Sisal hemp [German version]

Table of contents

General:
Product information
Packaging
Transport
  Container transport
  Cargo securing


Risk factors and loss prevention:
Temperature Odor
Humidity/Moisture Contamination
Ventilation Mechanical influences
Biotic activity Toxicity / Hazards to health
Gases Shrinkage/Shortage
Self-heating / Spontaneous combustion Insect infestation / Diseases




Product information

Product name

German Sisalhanf
English Sisal hemp
French Fibre de sisal
Spanish Fibra de sisal
Scientific Agave sisalana
CN/HS number * 5304 ff.


(* EU Combined Nomenclature/Harmonized System)



Product description

Sisal hemp belongs to the category fibers/fibrous materials, which are classified as follows [24]:

Plant hairs:

Cotton seed-hairs
Kapok tree fruit hairs


Stalk fibers from dicotyledonous plants (soft fibers):

Flax, ramie (fine spinnable fibers)
Hemp, jute, kenaf (coarse spinnable fibers)

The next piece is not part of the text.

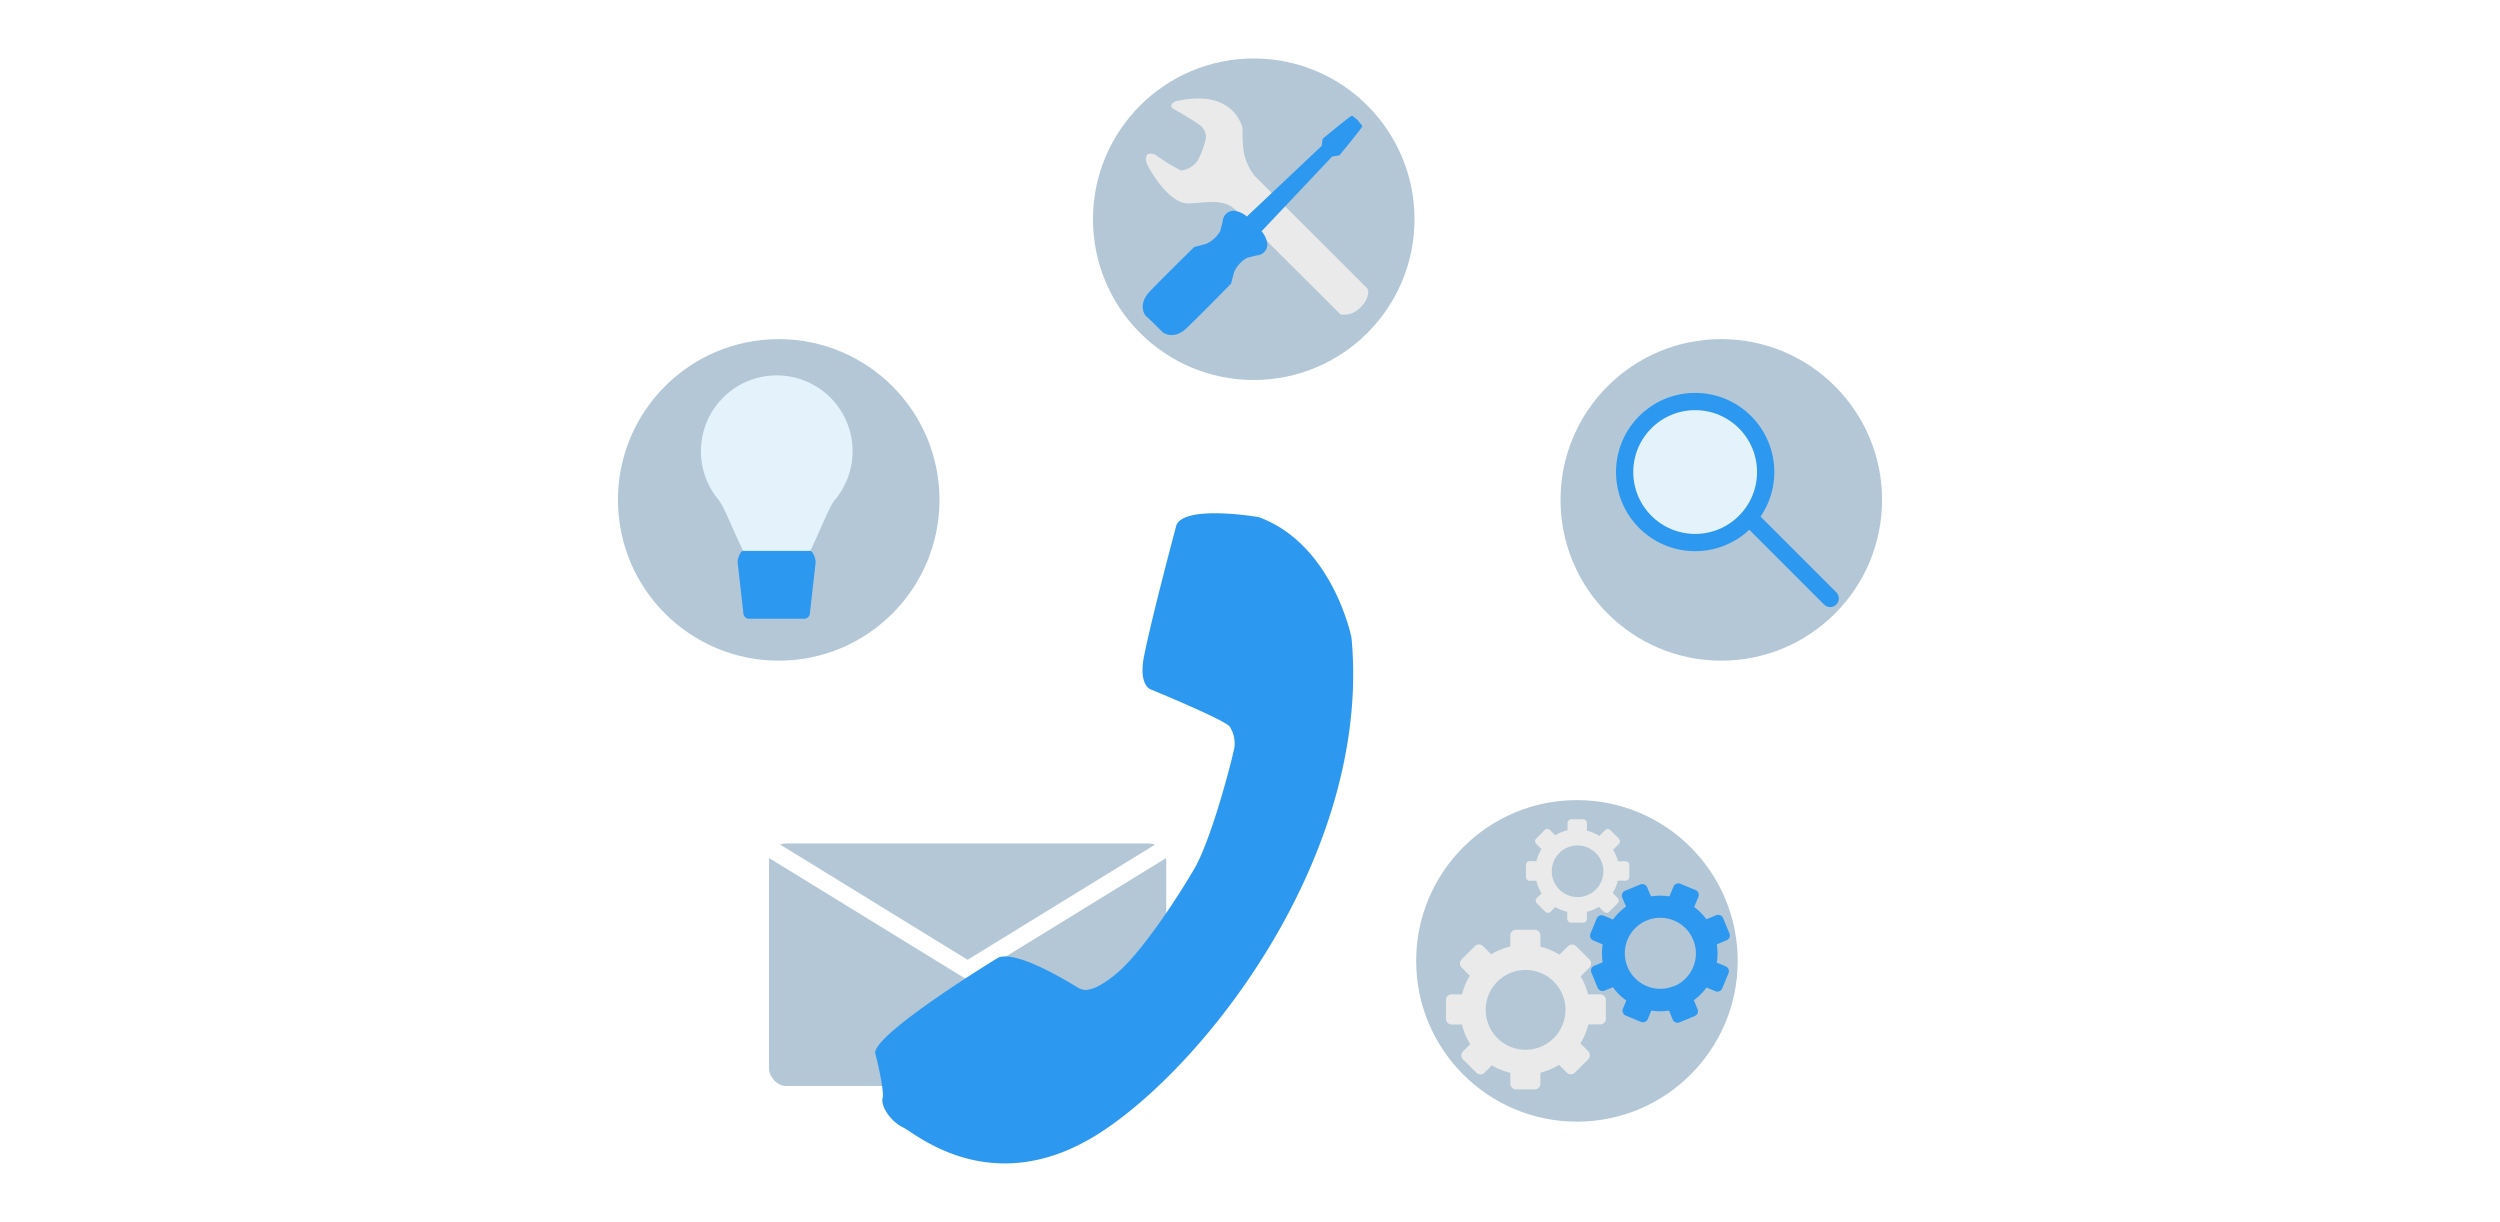 <svg xmlns="http://www.w3.org/2000/svg" viewBox="0 0 434.34 212.29"><defs><style>.cls-1{fill:#fff;}.cls-2{fill:#b3c7d6;}.cls-3,.cls-8{fill:none;}.cls-3{stroke:#fff;stroke-linejoin:round;}.cls-3,.cls-7,.cls-8{stroke-width:3px;}.cls-4{fill:#2c98f0;}.cls-5,.cls-7{fill:#e4f3fb;}.cls-6{fill:#e9eae9;}.cls-7,.cls-8{stroke:#2c98f0;stroke-miterlimit:10;}.cls-8{stroke-linecap:round;}</style></defs><title>top-support</title><g id="レイヤー_2" data-name="レイヤー 2"><g id="レイヤー_1-2" data-name="レイヤー 1"><rect class="cls-1" width="434.34" height="212.29"/><rect class="cls-2" x="133.61" y="146.54" width="69.01" height="42.14" rx="3" ry="3"/><polyline class="cls-3" points="133.6 147.3 168.11 168.51 202.62 147.3"/><circle class="cls-2" cx="217.82" cy="38.09" r="27.93"/><circle class="cls-2" cx="299.05" cy="86.85" r="27.93"/><circle class="cls-2" cx="135.29" cy="86.85" r="27.93"/><circle class="cls-2" cx="273.97" cy="166.94" r="27.93"/><path class="cls-4" d="M173.49,166.34s-21.2,12.91-21.45,16.53c0,0,1.66,6.47,1.3,7.92s1.47,4.11,3.6,5.11,15.75,13.12,34.66.59,46.67-49,43.2-85.72c0,0-3.23-16.21-16.12-20.93,0,0-12.65-2.18-14.28,1.34,0,0-4.41,16.45-5.67,23-.91,4.8,1.11,5.56,1.11,5.56s13.2,5.42,13.82,6.52a5.39,5.39,0,0,1,.8,3.59c-.21,1.37-3.88,15.83-7,21.15s-9.27,14.68-13.58,18.22-5.78,2.77-6.38,2.49S177.13,165.06,173.49,166.34Z"/><path class="cls-5" d="M135,65.22a13.17,13.17,0,0,1,10,21.69c-1.55,1.83-4.8,12-7.13,12.77a6.73,6.73,0,0,1-2.92.66,6.63,6.63,0,0,1-2.85-.64c-2.4-.78-5.7-11-7.28-12.89A13.17,13.17,0,0,1,135,65.22"/><path class="cls-4" d="M139.77,107.5h-9.62a1,1,0,0,1-1-1l-1-8.85c0-.54.44-1.95,1-1.95h11.56c.54,0,1,1.41,1,1.95l-1,8.85A1,1,0,0,1,139.77,107.5Z"/><path class="cls-6" d="M278,172.75h-2.1a11.21,11.21,0,0,0-1.28-3.12l1.51-1.51a1,1,0,0,0,0-1.44l-2.28-2.28a1,1,0,0,0-1.44,0l-1.47,1.47a11.22,11.22,0,0,0-3.32-1.41v-1.93a1,1,0,0,0-1-1h-3.23a1,1,0,0,0-1,1v1.91a11.22,11.22,0,0,0-3.31,1.36l-1.41-1.41a1,1,0,0,0-1.44,0l-2.28,2.28a1,1,0,0,0,0,1.44l1.41,1.41a11.22,11.22,0,0,0-1.35,3.23h-1.79a1,1,0,0,0-1,1V177a1,1,0,0,0,1,1H254a11.22,11.22,0,0,0,1.43,3.41l-1.23,1.23a1,1,0,0,0,0,1.44l2.28,2.28a1,1,0,0,0,1.44,0l1.27-1.27a11.22,11.22,0,0,0,3.21,1.3v1.88a1,1,0,0,0,1,1h3.23a1,1,0,0,0,1-1v-1.91a11.22,11.22,0,0,0,3.23-1.35l1.33,1.33a1,1,0,0,0,1.44,0l2.28-2.28a1,1,0,0,0,0-1.44l-1.33-1.33a11.22,11.22,0,0,0,1.36-3.31H278a1,1,0,0,0,1-1v-3.23A1,1,0,0,0,278,172.75Zm-12.95,9.63a6.93,6.93,0,1,1,6.93-6.93A6.93,6.93,0,0,1,265.06,182.38Z"/><path class="cls-6" d="M282.45,149.63h-1.36a7.25,7.25,0,0,0-.83-2l1-1a.66.66,0,0,0,0-.93l-1.47-1.47a.66.66,0,0,0-.93,0l-1,1a7.25,7.25,0,0,0-2.15-.91V143a.66.66,0,0,0-.66-.66H273a.66.66,0,0,0-.66.66v1.24a7.25,7.25,0,0,0-2.14.88l-.91-.91a.66.66,0,0,0-.93,0l-1.47,1.47a.66.66,0,0,0,0,.93l.91.91a7.25,7.25,0,0,0-.87,2.09h-1.16a.66.66,0,0,0-.66.66v2.09a.66.66,0,0,0,.66.66h1.15a7.25,7.25,0,0,0,.92,2.2L267,156a.66.66,0,0,0,0,.93l1.47,1.47a.66.66,0,0,0,.93,0l.82-.82a7.25,7.25,0,0,0,2.07.84v1.22a.66.66,0,0,0,.66.66h2.09a.66.66,0,0,0,.66-.66v-1.23a7.25,7.25,0,0,0,2.09-.87l.86.86a.66.66,0,0,0,.93,0l1.47-1.47a.66.66,0,0,0,0-.93l-.86-.86a7.25,7.25,0,0,0,.88-2.14h1.34a.66.66,0,0,0,.66-.66v-2.09A.66.66,0,0,0,282.45,149.63Zm-8.37,6.22a4.48,4.48,0,1,1,4.48-4.48A4.48,4.48,0,0,1,274.08,155.86Z"/><path class="cls-4" d="M298.18,159l-1.72.71a10,10,0,0,0-2.12-2.13l.73-1.76a.91.91,0,0,0-.49-1.18l-2.65-1.1a.91.91,0,0,0-1.18.49l-.71,1.71a10,10,0,0,0-3.21,0l-.66-1.59a.91.91,0,0,0-1.18-.49l-2.65,1.1a.91.91,0,0,0-.49,1.18l.65,1.57a10,10,0,0,0-2.26,2.24l-1.64-.68a.91.91,0,0,0-1.18.49l-1.1,2.65a.91.91,0,0,0,.49,1.18l1.63.68a10,10,0,0,0,0,3.11l-1.47.61a.91.91,0,0,0-.49,1.18l1.1,2.65a.91.91,0,0,0,1.18.49l1.46-.6a10,10,0,0,0,2.33,2.32l-.59,1.43a.91.91,0,0,0,.49,1.18l2.65,1.1a.91.91,0,0,0,1.18-.49l.61-1.47a10,10,0,0,0,3.08,0l.64,1.55a.91.91,0,0,0,1.18.49l2.65-1.1a.91.91,0,0,0,.49-1.18l-.65-1.57a10,10,0,0,0,2.2-2.2l1.55.64a.91.91,0,0,0,1.18-.49l1.1-2.65a.91.91,0,0,0-.49-1.18l-1.55-.64a10,10,0,0,0,0-3.18l1.71-.71a.91.91,0,0,0,.49-1.18l-1.1-2.65A.91.91,0,0,0,298.18,159Zm-7.36,12.32a6.17,6.17,0,1,1,3.34-8.06A6.17,6.17,0,0,1,290.81,171.36Z"/><path class="cls-6" d="M237.55,50.1,218,30.58a9.44,9.44,0,0,1-2-4.79c-.24-2.73,0-3.16-.21-3.89a7.38,7.38,0,0,0-2-3c-.86-.63-3.29-2.74-9.57-1.3,0,0-1.33.58-.41,1.3,0,0,4.48,2.47,5.09,3.25A2.46,2.46,0,0,1,209.5,24a14,14,0,0,1-1.4,3.85,4,4,0,0,1-2.91,1.77,30.55,30.55,0,0,1-4.35-2.66,1.72,1.72,0,0,0-1.43-.18c-.2.16-.61.84,0,2s3.83,6.79,7.28,6.57,6-.78,8,1.16S232.9,54.64,232.9,54.64a4,4,0,0,0,3.4-1.16C237.83,52,237.87,50.51,237.55,50.1Z"/><path class="cls-4" d="M199.75,50.65c2.19-2.31,7.74-7.74,7.74-7.74s1.33-.33,2.1-.56A5.37,5.37,0,0,0,212,40.16c.12-.53.41-1.48.47-2a1.91,1.91,0,0,1,2-1.54,4.2,4.2,0,0,1,2.15,1l13-12.27.18-1.24s4.92-4.09,5.1-4,.86.66,1,.79h0c.14.16.68.86.79,1s-4,5.1-4,5.1l-1.24.18-12.27,13a4.2,4.2,0,0,1,1,2.15,1.91,1.91,0,0,1-1.54,2c-.53.06-1.48.36-2,.47a5.37,5.37,0,0,0-2.19,2.37c-.24.77-.56,2.1-.56,2.1s-5.42,5.54-7.74,7.74-4.15.71-4.15.71l-1.46-1.46L199,54.8S197.55,53,199.75,50.65Z"/><circle class="cls-7" cx="294.51" cy="82.01" r="12.25"/><line class="cls-8" x1="304.54" y1="90.54" x2="317.97" y2="103.97"/></g></g></svg>

Leaf fibers (hard fibers):

Sisal, Manila hemp, palm fibers (poor spinning characteristics)


Bast:

Linden, raffia palm, willow


Basketwork material:

Coconut fiber, rattan cane, halfa, piassava, esparto


Sisal hemp is a 60 - 100 cm long fiber from the sword-shaped leaves (leaf fiber) of the approximately 2 m tall sisal agave (Agave sisalana), a member of the lily family (Liliaceae).

The sisal plant comes from the native Mexican henequen plant, for which reason Mexican sisal used to be called henequen. These days, it is the generally large East African plantations which are of particular commercial importance.

Like Manila hemp, sisal hemp is a hard fiber. The fibers are white to yellowish-white in color, resistant, supple and light-weight. Sisal hemp is only slightly inferior in quality to Manila hemp.

The fibers are obtained from the fresh leaves by decorticators, washed and dried in the sun. Decorticators are fully automatic machines, to which the sisal leaves are fed cross-ways on a conveyor belt. They remove the leaf tissue by crushing, scraping and washing. If this procedure is not performed carefully, the fibers become blotchy.

The leaf cross-section reveals that the leaves are protected by a wax layer (cuticle) (55% cutin, 20% wax) and the fiber strands are distributed throughout the spongy parenchyma (see Figure 4).


Quality / Duration of storage

Wet, moist or oil-stained bales must be rejected prior to loading because depreciation due to discoloration, mildew and corrosion under the metal straps may occur during transport. A moisture measurement must therefore be carried out on acceptance of a consignment.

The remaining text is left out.